Furthermore, only two examiners participated in the measurements—one experienced and one novice. While this design allowed for the assessment of the impact of examiner experience on measurement reliability, it does not capture the variability that might occur with a larger and more varied group of clinicians. Including multiple examiners with varying levels of expertise in future research could provide a more comprehensive understanding of inter-examiner reliability and enhance the generalizability of the results.
Moreover, the study focused solely on the reliability of the Kinovea software for measuring hip flexion angles during the SLR test and did not assess the validity of these measurements against a gold standard such as three-dimensional motion capture systems or other reliable methods such as digital inclinometer or goniometer.

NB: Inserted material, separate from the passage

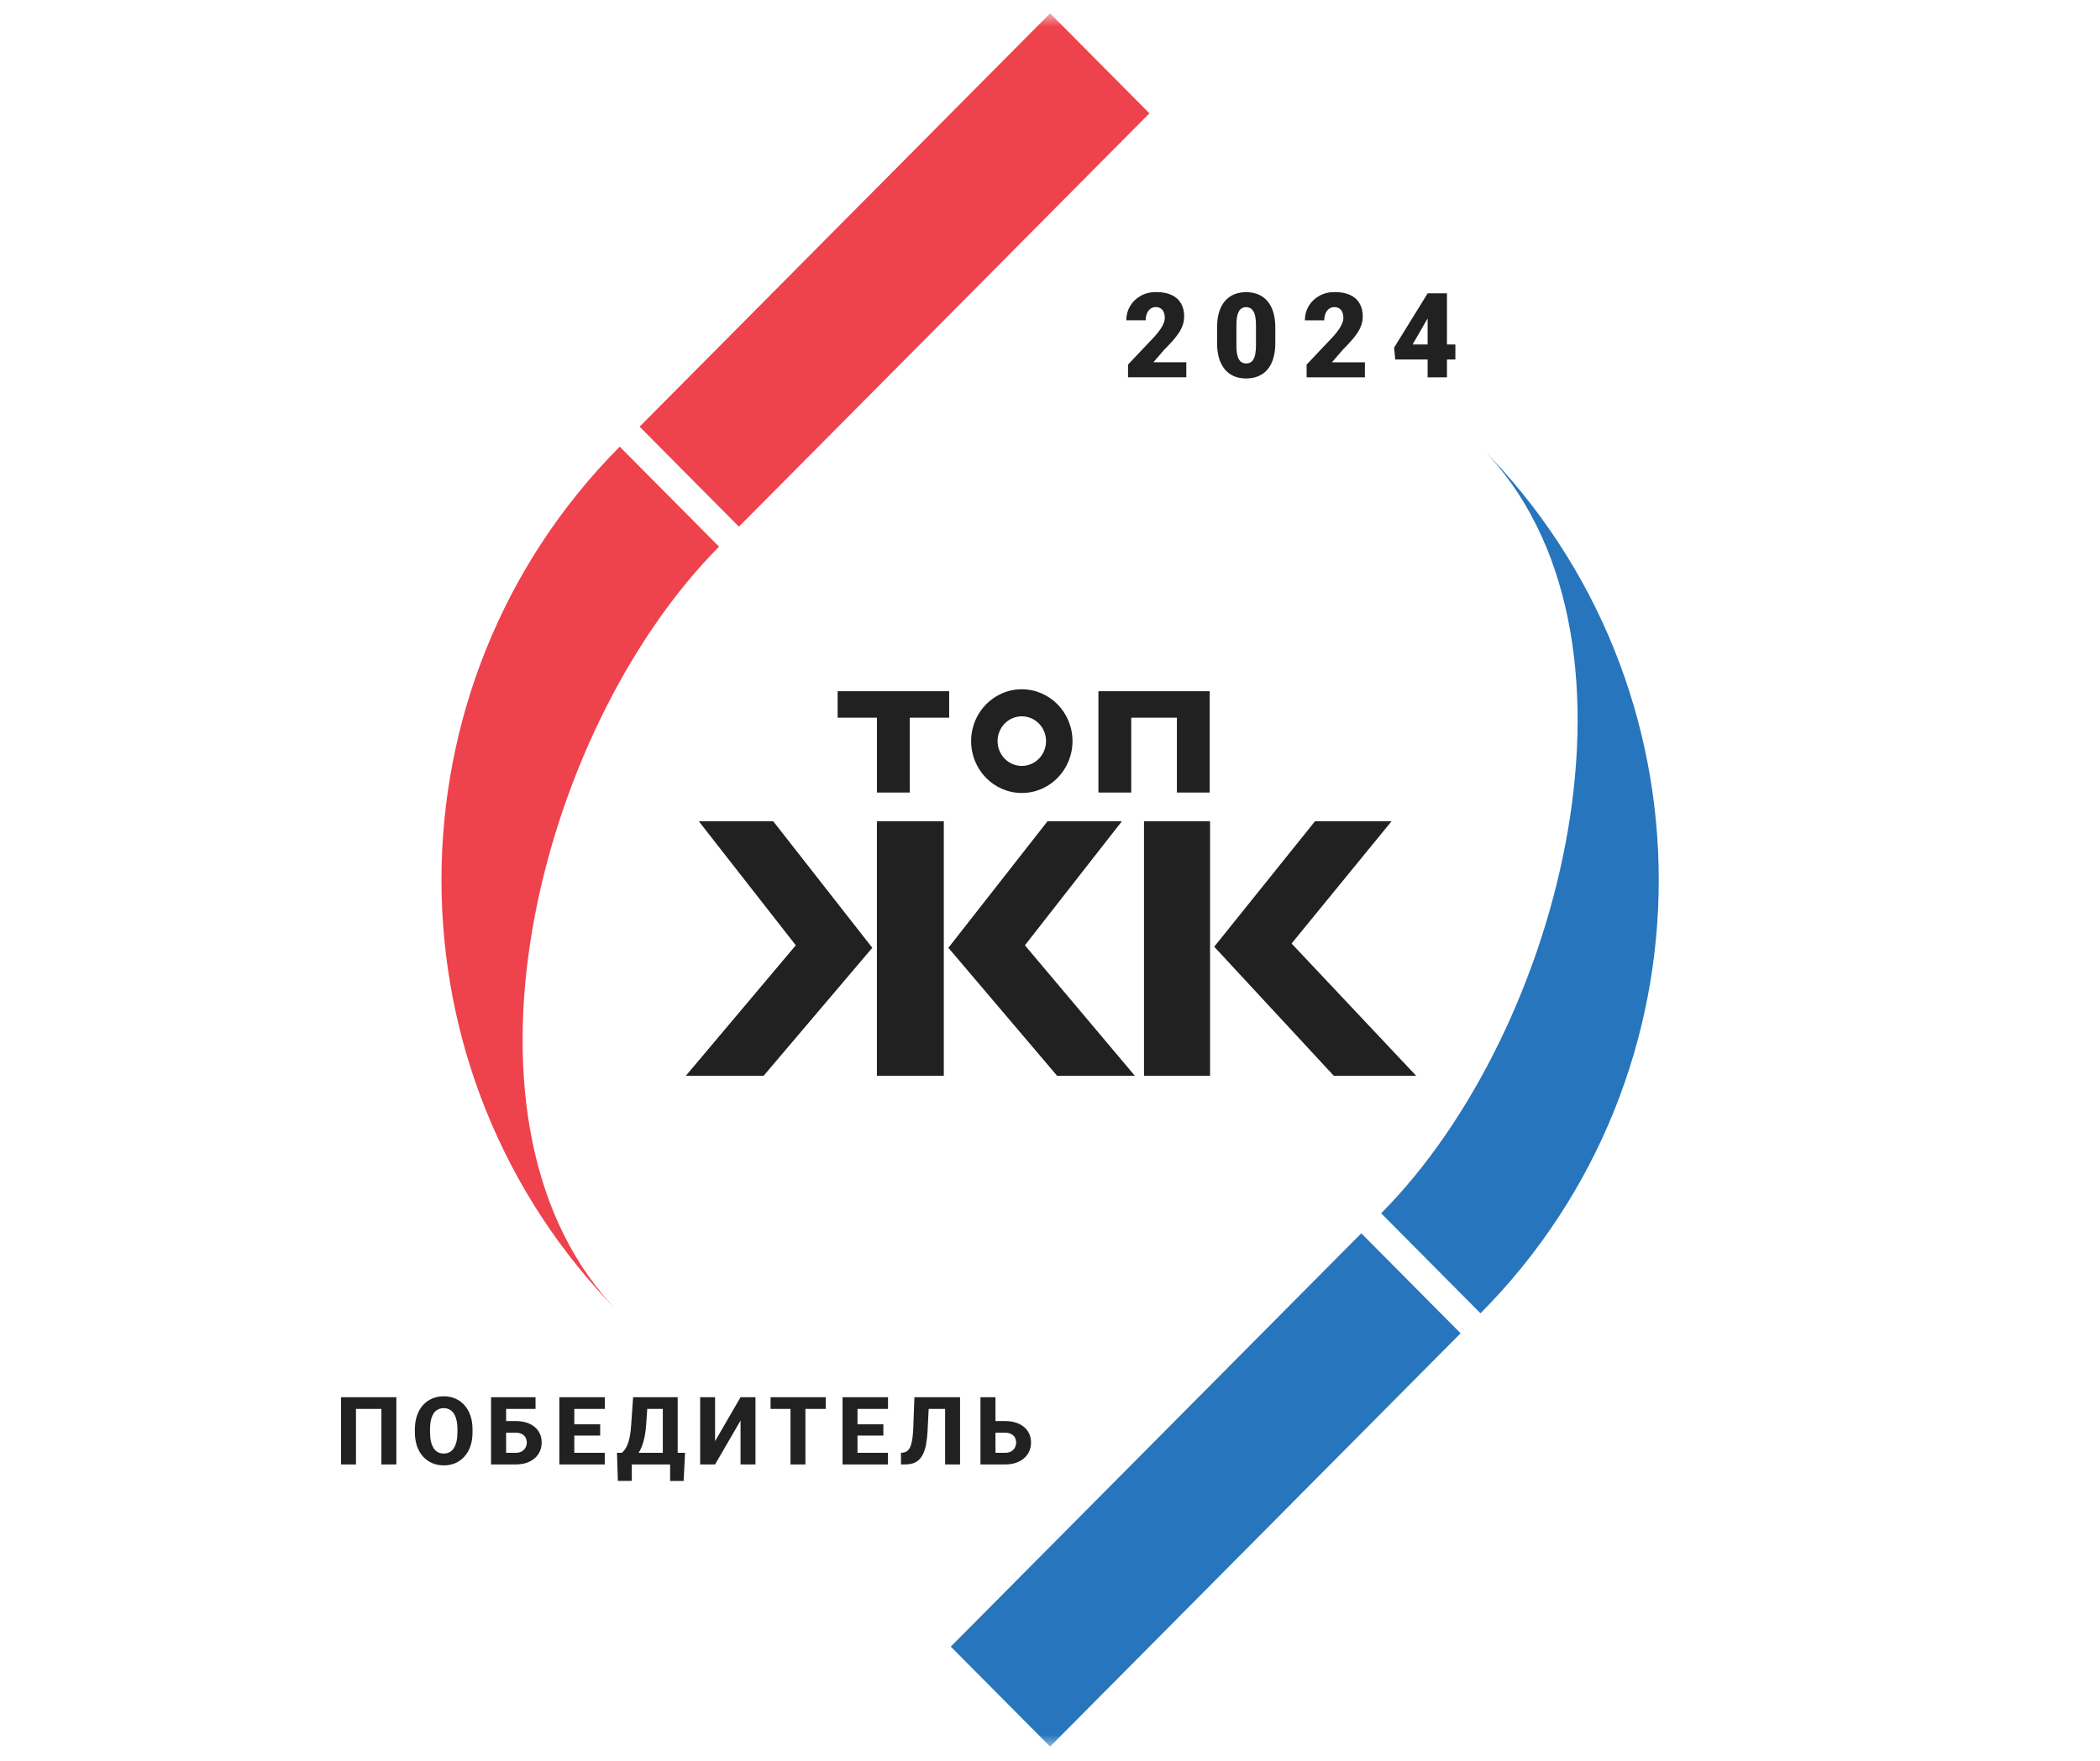 <?xml version="1.0" encoding="UTF-8"?> <svg xmlns="http://www.w3.org/2000/svg" width="118" height="99" viewBox="0 0 118 99" fill="none"><mask id="mask0_10_13" style="mask-type:luminance" maskUnits="userSpaceOnUse" x="0" y="0" width="118" height="99"><path d="M0.25 0.75H117.75V98.25H0.25V0.75Z" fill="white"></path></mask><g mask="url(#mask0_10_13)"><path d="M22.271 78.532V82.31H21.431V79.189H20.002V82.31H19.164V78.532H22.271ZM26.551 80.338V80.507C26.551 80.794 26.512 81.051 26.433 81.28C26.363 81.495 26.25 81.694 26.1 81.863C25.958 82.022 25.784 82.149 25.59 82.235C25.384 82.323 25.161 82.366 24.937 82.362C24.698 82.362 24.48 82.32 24.282 82.235C24.085 82.149 23.909 82.022 23.766 81.863C23.617 81.693 23.503 81.495 23.431 81.28C23.349 81.031 23.309 80.769 23.312 80.507V80.338C23.312 80.051 23.352 79.794 23.432 79.565C23.51 79.334 23.621 79.139 23.764 78.979C23.908 78.818 24.079 78.695 24.277 78.61C24.474 78.523 24.693 78.48 24.932 78.48C25.171 78.48 25.389 78.523 25.587 78.61C25.784 78.695 25.954 78.818 26.097 78.979C26.242 79.139 26.353 79.334 26.432 79.565C26.512 79.793 26.551 80.051 26.551 80.338ZM25.704 80.507V80.333C25.706 80.162 25.688 79.991 25.652 79.824C25.623 79.692 25.573 79.566 25.502 79.451C25.442 79.355 25.357 79.276 25.257 79.223C25.157 79.17 25.045 79.144 24.932 79.147C24.817 79.145 24.703 79.172 24.6 79.225C24.502 79.278 24.419 79.356 24.36 79.451C24.297 79.551 24.248 79.675 24.213 79.824C24.178 79.992 24.162 80.162 24.164 80.333V80.507C24.164 80.697 24.181 80.866 24.214 81.015C24.248 81.162 24.298 81.286 24.363 81.389C24.422 81.485 24.505 81.564 24.603 81.62C24.706 81.673 24.822 81.7 24.938 81.697C25.06 81.697 25.168 81.671 25.263 81.62C25.362 81.565 25.445 81.486 25.505 81.389C25.575 81.273 25.624 81.147 25.652 81.015C25.687 80.866 25.704 80.697 25.704 80.507ZM30.092 78.532V79.189H28.432V82.31H27.593V78.532H30.092ZM28.132 79.871H28.973C29.272 79.871 29.531 79.921 29.752 80.022C29.972 80.122 30.141 80.263 30.26 80.445C30.378 80.624 30.437 80.835 30.437 81.077C30.437 81.259 30.403 81.425 30.334 81.575C30.267 81.726 30.166 81.86 30.04 81.967C29.904 82.08 29.747 82.167 29.579 82.222C29.4 82.281 29.198 82.31 28.973 82.31H27.596V78.532H28.439V81.656H28.973C29.093 81.66 29.212 81.633 29.318 81.578C29.407 81.529 29.48 81.455 29.528 81.365C29.576 81.277 29.601 81.179 29.601 81.079C29.601 80.978 29.576 80.88 29.528 80.792C29.48 80.707 29.406 80.639 29.318 80.598C29.211 80.546 29.092 80.521 28.973 80.525H28.133L28.132 79.871ZM33.982 81.656V82.31H31.984V81.656H33.982ZM32.27 78.532V82.31H31.43V78.532H32.27ZM33.725 80.053V80.686H31.985V80.053H33.725ZM33.985 78.532V79.189H31.985V78.532H33.985ZM37.909 81.656V82.31H35.238V81.656H37.909ZM35.501 81.656V83.236H34.719L34.668 81.656H35.501ZM38.494 81.656L38.414 83.239H37.654V81.656H38.494ZM37.499 78.532V79.189H35.653V78.532H37.499ZM38.079 78.532V82.31H37.244V78.532H38.079ZM35.575 78.532H36.414L36.308 80.076C36.294 80.305 36.265 80.533 36.22 80.758C36.18 80.951 36.133 81.121 36.078 81.267C35.988 81.507 35.855 81.729 35.686 81.921C35.617 81.995 35.545 82.065 35.47 82.131L35.258 82.31H34.761V81.656H34.939C34.997 81.608 35.05 81.553 35.096 81.493C35.151 81.424 35.203 81.33 35.253 81.212C35.303 81.095 35.347 80.943 35.385 80.758C35.423 80.573 35.45 80.346 35.467 80.076L35.575 78.532ZM40.18 81.002L41.611 78.532H42.45V82.31H41.612V79.843L40.18 82.31H39.342V78.532H40.18V81.002ZM45.257 78.532V82.31H44.419V78.532H45.257ZM46.399 78.532V79.189H43.299V78.532H46.399ZM49.895 81.656V82.31H47.897V81.656H49.895ZM48.183 78.532V82.31H47.343V78.532H48.183ZM49.637 80.053V80.686H47.897V80.053H49.637ZM49.898 78.532V79.189H47.897V78.532H49.898ZM53.363 78.532V79.189H51.46V78.532H53.363ZM53.946 78.532V82.31H53.106V78.532H53.946ZM51.38 78.532H52.216L52.12 80.442C52.108 80.692 52.08 80.94 52.035 81.186C52.004 81.37 51.948 81.549 51.87 81.718C51.801 81.862 51.718 81.978 51.62 82.066C51.521 82.153 51.404 82.216 51.277 82.253C51.146 82.291 50.998 82.31 50.831 82.31H50.627V81.656L50.725 81.646C50.8 81.641 50.873 81.619 50.939 81.581C51.004 81.54 51.059 81.485 51.099 81.42C51.144 81.347 51.181 81.255 51.209 81.142C51.241 81.03 51.265 80.893 51.282 80.732C51.301 80.572 51.314 80.384 51.321 80.167L51.38 78.532ZM55.63 79.871H56.47C56.769 79.871 57.028 79.921 57.248 80.022C57.468 80.122 57.637 80.263 57.756 80.445C57.875 80.624 57.935 80.835 57.934 81.077C57.934 81.259 57.9 81.425 57.831 81.575C57.764 81.726 57.663 81.86 57.537 81.967C57.41 82.076 57.257 82.161 57.076 82.222C56.896 82.281 56.694 82.31 56.47 82.31H55.093V78.532H55.936V81.656H56.47C56.59 81.66 56.709 81.633 56.815 81.578C56.904 81.529 56.977 81.455 57.025 81.365C57.073 81.277 57.098 81.179 57.098 81.079C57.098 80.978 57.073 80.88 57.025 80.792C56.977 80.707 56.903 80.639 56.815 80.598C56.708 80.546 56.589 80.521 56.47 80.525H55.63V79.871ZM66.659 20.363V21.206H63.384V20.493L64.892 18.897C65.025 18.744 65.133 18.607 65.215 18.486C65.296 18.362 65.355 18.251 65.392 18.152C65.431 18.052 65.45 17.962 65.45 17.882C65.45 17.746 65.43 17.633 65.389 17.542C65.355 17.455 65.294 17.381 65.215 17.331C65.131 17.28 65.033 17.256 64.935 17.26C64.829 17.258 64.725 17.292 64.641 17.357C64.553 17.427 64.485 17.519 64.444 17.623C64.397 17.744 64.374 17.873 64.377 18.003H63.287C63.287 17.713 63.357 17.448 63.497 17.208C63.638 16.968 63.835 16.777 64.087 16.634C64.338 16.489 64.629 16.416 64.96 16.416C65.306 16.416 65.596 16.47 65.83 16.579C66.064 16.686 66.24 16.843 66.359 17.049C66.479 17.252 66.539 17.498 66.539 17.785C66.539 17.949 66.513 18.107 66.462 18.259C66.407 18.418 66.332 18.569 66.24 18.709C66.133 18.869 66.014 19.02 65.885 19.163C65.747 19.318 65.59 19.484 65.415 19.66L64.808 20.363H66.659ZM71.66 18.414V19.277C71.66 19.617 71.62 19.912 71.54 20.162C71.463 20.413 71.352 20.621 71.206 20.785C71.066 20.946 70.889 21.072 70.69 21.151C70.49 21.231 70.27 21.271 70.029 21.271C69.836 21.271 69.655 21.246 69.487 21.197C69.323 21.148 69.169 21.068 69.033 20.963C68.896 20.853 68.779 20.719 68.688 20.568C68.586 20.394 68.511 20.206 68.466 20.01C68.412 19.77 68.386 19.523 68.388 19.277V18.414C68.388 18.073 68.427 17.778 68.504 17.529C68.584 17.278 68.697 17.071 68.843 16.906C68.989 16.742 69.162 16.62 69.362 16.54C69.562 16.46 69.782 16.42 70.022 16.42C70.215 16.42 70.395 16.446 70.561 16.498C70.728 16.548 70.88 16.626 71.015 16.731C71.15 16.835 71.265 16.966 71.36 17.123C71.457 17.281 71.531 17.468 71.583 17.685C71.634 17.898 71.66 18.141 71.66 18.414ZM70.574 19.411V18.276C70.574 18.125 70.565 17.993 70.548 17.88C70.537 17.782 70.514 17.686 70.478 17.595C70.452 17.526 70.413 17.462 70.364 17.407C70.322 17.36 70.269 17.323 70.21 17.3C70.15 17.276 70.087 17.264 70.023 17.264C69.942 17.261 69.861 17.28 69.79 17.319C69.719 17.359 69.66 17.417 69.62 17.488C69.566 17.585 69.529 17.69 69.51 17.799C69.487 17.929 69.475 18.088 69.475 18.276V19.411C69.475 19.564 69.482 19.698 69.497 19.813C69.514 19.926 69.538 20.022 69.568 20.102C69.6 20.179 69.639 20.243 69.684 20.292C69.727 20.339 69.78 20.375 69.839 20.397C69.906 20.421 69.978 20.432 70.049 20.429C70.12 20.425 70.19 20.408 70.255 20.377C70.326 20.338 70.385 20.28 70.425 20.209C70.481 20.112 70.518 20.005 70.535 19.894C70.561 19.762 70.574 19.601 70.574 19.411ZM76.694 20.364V21.207H73.419V20.494L74.927 18.898C75.06 18.745 75.168 18.608 75.249 18.487C75.331 18.363 75.39 18.252 75.427 18.153C75.466 18.053 75.485 17.963 75.485 17.883C75.489 17.767 75.468 17.651 75.423 17.543C75.389 17.456 75.328 17.381 75.249 17.332C75.165 17.281 75.067 17.257 74.969 17.261C74.863 17.259 74.76 17.294 74.676 17.358C74.588 17.428 74.52 17.52 74.479 17.624C74.432 17.745 74.409 17.874 74.411 18.004H73.321C73.321 17.714 73.391 17.449 73.531 17.209C73.673 16.969 73.87 16.778 74.121 16.635C74.373 16.49 74.664 16.417 74.995 16.417C75.341 16.417 75.631 16.471 75.865 16.58C76.098 16.687 76.275 16.844 76.394 17.05C76.514 17.253 76.574 17.499 76.574 17.786C76.574 17.95 76.548 18.108 76.497 18.26C76.442 18.419 76.367 18.57 76.274 18.71C76.167 18.87 76.049 19.021 75.92 19.164C75.782 19.319 75.625 19.485 75.45 19.661L74.843 20.364H76.694ZM81.778 19.362V20.205H78.4L78.336 19.537L80.222 16.486H81.079L80.147 18.02L79.374 19.362H81.778ZM81.305 16.486V21.207H80.218V16.486H81.305Z" fill="#212121"></path><path fill-rule="evenodd" clip-rule="evenodd" d="M35.94 23.981L59.006 0.75L64.587 6.37L41.52 29.602L35.94 23.981ZM34.823 73.815C21.468 60.365 21.468 38.556 34.823 25.105L40.404 30.726C30.13 41.073 24.549 63.468 34.823 73.815Z" fill="#EE424D"></path><path fill-rule="evenodd" clip-rule="evenodd" d="M53.425 92.549L76.492 69.318L82.072 74.938L59.006 98.169L53.425 92.549ZM83.19 25.106C96.545 38.556 96.545 60.364 83.19 73.815L77.608 68.195C87.882 57.848 93.463 35.452 83.189 25.105" fill="#2775BD"></path><path d="M59.4 60.466L53.29 53.272L58.86 46.159H63.04L57.59 53.131L63.769 60.466H59.4ZM42.907 60.466H38.537L44.716 53.131L39.266 46.159H43.447L49.015 53.272L42.907 60.466ZM49.274 60.466V46.16H53.033V60.467L49.274 60.466ZM74.948 60.466L68.228 53.212L73.891 46.159H78.191L72.575 53.031L79.576 60.466H74.948ZM64.282 60.466V46.16H67.994V60.467L64.282 60.466Z" fill="#212121"></path><path fill-rule="evenodd" clip-rule="evenodd" d="M57.416 40.261C56.664 40.261 56.054 40.885 56.054 41.655C56.054 42.425 56.664 43.049 57.416 43.049C58.168 43.049 58.778 42.425 58.778 41.655C58.778 40.885 58.168 40.261 57.416 40.261ZM57.416 44.57C58.989 44.57 60.264 43.265 60.264 41.655C60.264 40.045 58.989 38.741 57.416 38.741C55.843 38.741 54.568 40.045 54.568 41.655C54.568 43.265 55.843 44.57 57.416 44.57Z" fill="#212121"></path><path d="M53.333 40.338H51.122V44.545H49.277V40.338H47.067V38.85H53.333V40.338ZM67.974 38.85V44.545H66.13V40.338H63.565V44.545H61.721V38.85H67.974Z" fill="#212121"></path></g></svg>

Without validation against a criterion standard, the accuracy of the Kinovea measurements remains uncertain. Future studies should aim to establish the concurrent validity of Kinovea by comparing its measurements with those obtained from advanced motion analysis technologies.
Also, the study did not evaluate the diagnostic utility of the SLR test when analyzed with Kinovea software, such as its sensitivity, specificity or predictive values for identifying neural tissue involvement in LBP patients. Assessing these diagnostic parameters would provide valuable insights into the clinical applicability of Kinovea-enhanced SLR assessments and their potential impact on patient management.